Las contradicciones que afloran en algunas escenas (la misma gente que le aplaude con todos los honores después le niega el uso del lavabo o no lo deja compartir el mismo comedor) van mostrando el funcionamiento de las cosas en aquella época. Es en estos momentos de inustícia donde cualquier otra película habría introducido la protesta y la confrontación, pero Green Book -a través de sus protagonistas- parece terminar rehuyendo polémicas e incluso mostrar cierta resignación. En más de una ocasión es difícil entender esta reacción, pero queda claro que el film apuesta por otro tipo de mensaje. Al fin y al cabo, lo que la pareja protagonista aprende de forma recíproca es entender la lucha personal del otro. Desde la posibilidad de comer pollo con las manos o de escribir cartas con contenido, hasta la importancia de la familia como soporte vital o de la improvisación como fuente de liberación creativa … Green Book va más allá del racismo como excusa.
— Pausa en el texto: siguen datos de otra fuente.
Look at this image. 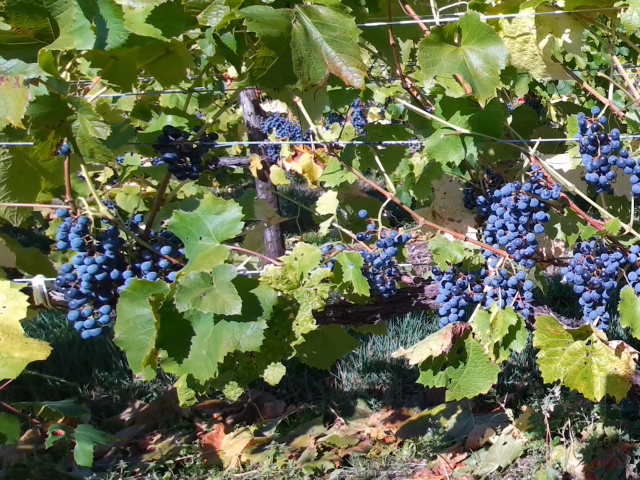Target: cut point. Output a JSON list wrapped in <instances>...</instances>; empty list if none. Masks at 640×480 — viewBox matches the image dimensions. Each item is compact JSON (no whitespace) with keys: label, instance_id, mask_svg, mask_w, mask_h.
Masks as SVG:
<instances>
[{"label":"cut point","instance_id":"cut-point-1","mask_svg":"<svg viewBox=\"0 0 640 480\" xmlns=\"http://www.w3.org/2000/svg\"><path fill=\"white\" fill-rule=\"evenodd\" d=\"M72 198H73L74 201H81L82 203H84L85 212L87 214L91 213L90 203L84 196H72Z\"/></svg>","mask_w":640,"mask_h":480},{"label":"cut point","instance_id":"cut-point-2","mask_svg":"<svg viewBox=\"0 0 640 480\" xmlns=\"http://www.w3.org/2000/svg\"><path fill=\"white\" fill-rule=\"evenodd\" d=\"M392 202V200L388 197L383 204L380 206L379 210H378V215L382 216L386 207L389 205V203Z\"/></svg>","mask_w":640,"mask_h":480},{"label":"cut point","instance_id":"cut-point-3","mask_svg":"<svg viewBox=\"0 0 640 480\" xmlns=\"http://www.w3.org/2000/svg\"><path fill=\"white\" fill-rule=\"evenodd\" d=\"M530 161L525 159L522 164H521V169H520V174L519 177L520 178H524L525 177V172H526V166Z\"/></svg>","mask_w":640,"mask_h":480},{"label":"cut point","instance_id":"cut-point-4","mask_svg":"<svg viewBox=\"0 0 640 480\" xmlns=\"http://www.w3.org/2000/svg\"><path fill=\"white\" fill-rule=\"evenodd\" d=\"M423 226H424V224L419 222L418 224H416V225H414V226L410 227V228H409V231H410V232H414V231H416V230H418V229L422 228Z\"/></svg>","mask_w":640,"mask_h":480}]
</instances>

Aunque la historia no evita cierta sensación de falta de conflicto y de poca preocupación hacia los obstáculos con que se van encontrando los protagonistas, Peter Farrelly consigue que esta road movie no decaiga en ningún momento. La relación entre Tony y Don está tratada con un encanto especial desde el mismo inicio, combinando las situaciones cómicas con las desavenencias de forma que los dos personajes van conectando a la vez que lo hacemos nosotros con ellos. Green Book busca la sonrisa, sí, pero lo hace en un terreno que no invita demasiado; de ahí su componente especial. Se la podría acusar de ingenua, o pasar por alto el verdadero sufrimiento de la población afroamericana, pero quizás entonces le estaríamos pidiendo ser otro tipo de película. Y ya hay muchas otras. Lo que queda claro es que Green Book elige un enfoque concreto y lo materializa de forma eficaz. Y no nos hace sentir mal por haber sonreído tanto durante su trayecto.